Matteo Garroneによる"Le Mythe Dior"は、1945年にパリのデザイナーたちが第二次世界大戦の荒廃からの復興のために行ったミニチュア・ファッションツアーである"Theatre de la Mode"から着想を得たもの。二人のポーターがAvenue Montaigneのクチュールサロンを模したトランクを運んで採寸し、森に住む神話の妖精たちがドレスを着るというストーリーになっており、これはメゾンとクライアントが親密で非常に個人的な関係を維持する方法を描いたものである。

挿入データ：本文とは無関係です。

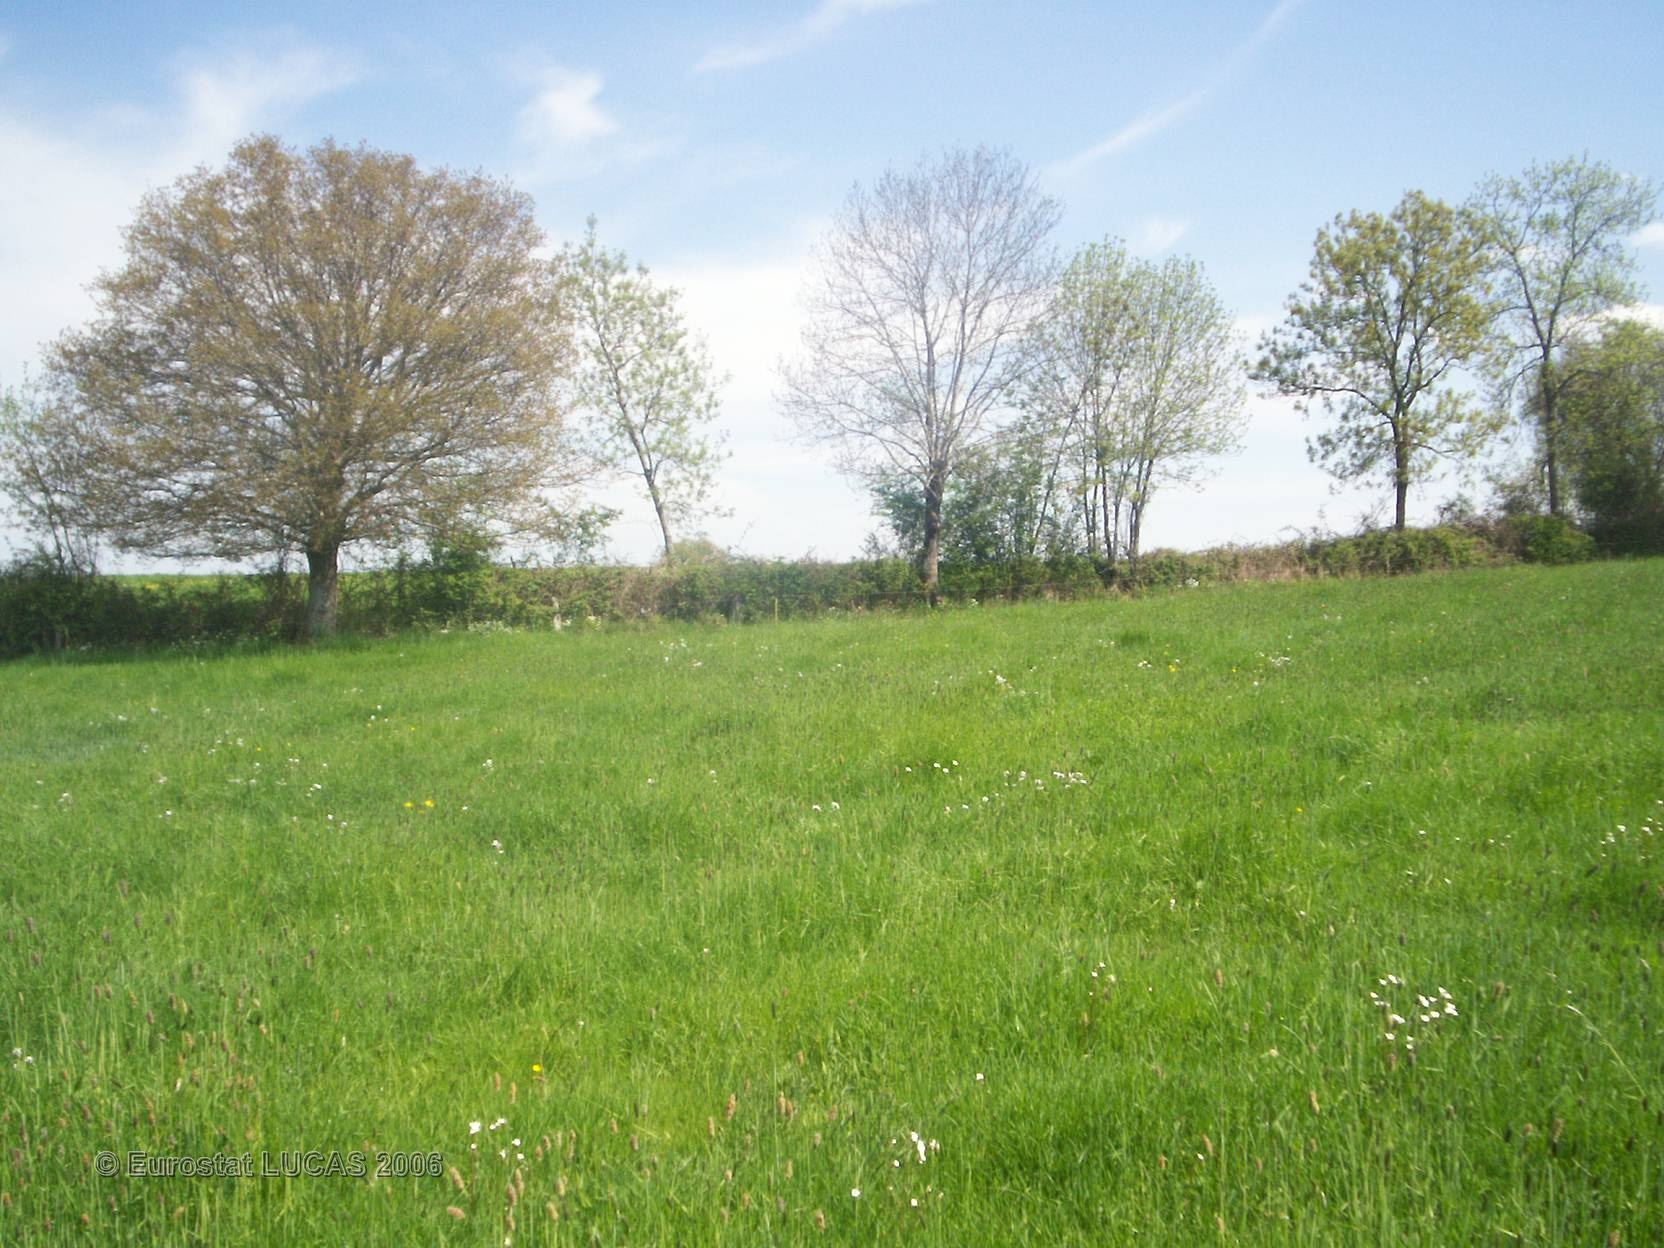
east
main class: Grassland
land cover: Grassland without tree/shrub cover
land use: Agriculture (excluding fallow land and kitchen gardens)
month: May
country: FR
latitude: 46.3400
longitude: 3.0209

Maria Grazia Chiuriによると「クチュールの魔法の夢」に関する物語を望んでいたと話しており(シュルレアリスムもこの夢のメタファー。)、COVID-19からの復興の願いが込められている。無論、登場するミニチュアドレスはアトリエの職人たちによるものであり、キウリは「人形や可愛らしいもの、子供っぽいものにしたくありませんでした。これは本物のコレクションです。」と語っている。

コレクションの服を単体で見ればそこまでシュルレアリスムに傾斜したものではなく、いつも通りのMaria Grazia Chiuriと言ったところ。
ギリシアのキトン、プリーツ・バージャケット、ブラック・フリンジドレス、Jacqueline Lambaのタロットが描かれたホワイト・カシミアコート、スパンコール・ドレスなど。

オンライン化したことでフェミニズム・イデオロギーとディスタンスが生まれ、フェミニズム色が希釈されることで全体のバランスが取れていたのは思わぬポジティヴ要因であったと言えるでしょうか。